$Sq^1$ cohomology of spaces For any space $X$, the first Steenrod square cohomology operation
$$Sq^1\colon H^\ast(X;\mathbb{Z}_2)\to H^{\ast +1}(X;\mathbb{Z}_2)$$
is a derivation, meaning that $Sq^1\circ Sq^1 = 0$ and $Sq^1(a\cup b) = Sq^1(a)\cup b + a\cup Sq^1(b)$ (there are no signs since we are working in characteristic two). 
Hence we may form the $Sq^1$-cohomology of the space,
$$H\left(H^\ast(X;\mathbb{Z}_2),Sq^1\right)$$
which will be a graded algebra over $\mathbb{Z}_2$.
I am looking for references on this object. From McCleary's "User's guide to spectral sequences", I know that this is related to the Bockstein spectral sequence. More specifically, I would like to know:

  
*
  
*What is the precise relationship between the $Sq^1$-cohomology of a space $X$ and $2$-torsion of higher order in $H^\ast(X;\mathbb{Z})$?
  
*Is there a reference with specific calculations of the $Sq^1$-cohomology of the Eilenberg-Mac Lane spaces $K(\mathbb{Z}_2,n)$?
  
*Are there any canonical references I should know about (besides McCleary and Mosher-Tangora)?
  

 A: Several people have addressed question 1 (Torsten Ekedahl and Neil Strickland).  Question 2 is interesting, but I don't have a good answer for it.  For question 3, as Sean Tilson points out, this is a special case of "Margolis homology", a.k.a. $P^s_t$-homology.  Try


*

*Adams and Margolis, "Modules over the Steenrod algebra", Topology 10 (1971)

*Anderson and Davis, "A vanishing theorem in homological algebra", Comment. Math. Helv. 48 (1973)

*Margolis, Spectra and the Steenrod algebra (1983)

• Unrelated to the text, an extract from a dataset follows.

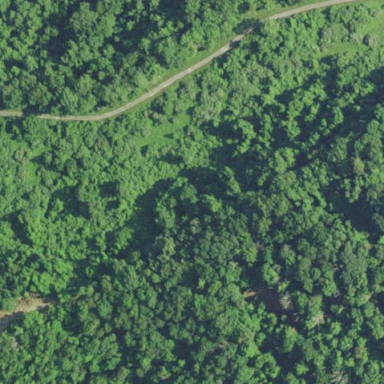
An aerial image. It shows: Beautiful woodland area.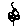
Label: flower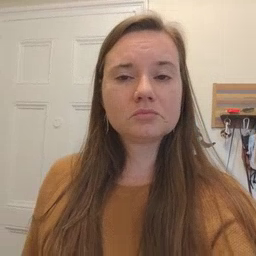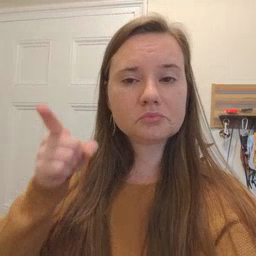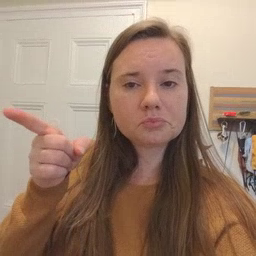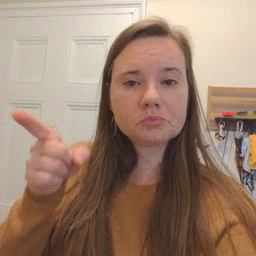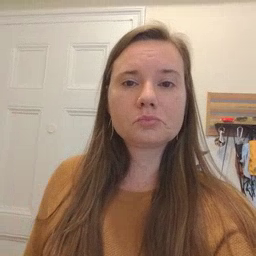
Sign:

I also wonder if there is anything helpful in 


*

*Adams and Priddy, "Uniqueness of BSO".


You might also search for the phrase "Bockstein acyclic", since $\textrm{Sq}^1$ is the mod 2 Bockstein.
A: Bill Singer and I have looked at the "dual" question...  Given a right $\mathcal{A}$-module $M$ (such as the homology of a space), $Sq^1$ acts (on the right) as a differential.  For any $s \geq 1$ and $M = \tilde{H}_*((\mathbb{R}P^{\infty})^{\wedge s}, \mathbb{Z}/2)$, $Sq^1$-homology is trivial, indicating that the kernel of $Sq^1$ is the same as the image of $Sq^1$ there.  There are interesting things to say even for higher squares, though they won't be differentials in general.
The following references may be useful (both available on arXiv):
Ault, Singer.  On the Homology of Elementary Abelian Groups as Modules over the Steenrod Algebra.
Ault. Relations among the kernels and images of Steenrod squares acting on right $\mathcal{A}$-modules.
A: I remember that when I wrote my thesis I was unable to find references for some quite basic facts about this that everyone knew.  It is quite possible that there were references that I did not succeed in finding (there was no Google then!) or that someone has written a good exposition in the intervening time.  For what it's worth, my thesis is at http://neil-strickland.staff.shef.ac.uk/research/thesis.pdf and the relevant material is in Section 5.1.
A: I think the easiest way to understand the Bockstein spectral sequence is through the exact couple coming from the long exact sequence of cohomology associated to $0\to\mathbb Z\to\mathbb Z\to \mathbb Z/2\to0$. This shows first that indeed the first differential is $Sq^1$ and tells you that the next page is the direct sum of the cokernel and kernel (shifted one step) of multiplication by $2$ on $2H^\ast(X,\mathbb Z)$. Hence it is like what you would get from applying the universal coefficient formula to $2H^\ast(X,\mathbb Z)$ (instead of $H^\ast(X,\mathbb Z)$). When each cohomology group $H^\ast(X,\mathbb Z)$ is finitely generated this means concretely that you "keep" each $\mathbb Z$-factor (as well as odd torsion) and downgrade each $\mathbb Z/2^n$ to $\mathbb Z/2^{n-1}$.
In particular the difference between the dimension of $H^n(X,\mathbb Z/2)$ and that of the $Sq^1$-cohomology is equal to the number of $\mathbb Z/2$-factors in $H^n(X,\mathbb Z)$ and $H^{n+1}(X,\mathbb Z)$.
I found a reference to Q2. In Madsen, Milgram: The classifying spaces for surgery and cobordism of manifolds, Ann of Math Studies 92 where they refer to Browder: Torsion in H-spaces, Ann of Math 74 for the Bockstein s.s. of $K(\mathbb Z_{(2)},n)$ and $K(\mathbb Z/2,n)$. The Madsen-Milgram book also contains other examples of computations with the Bss.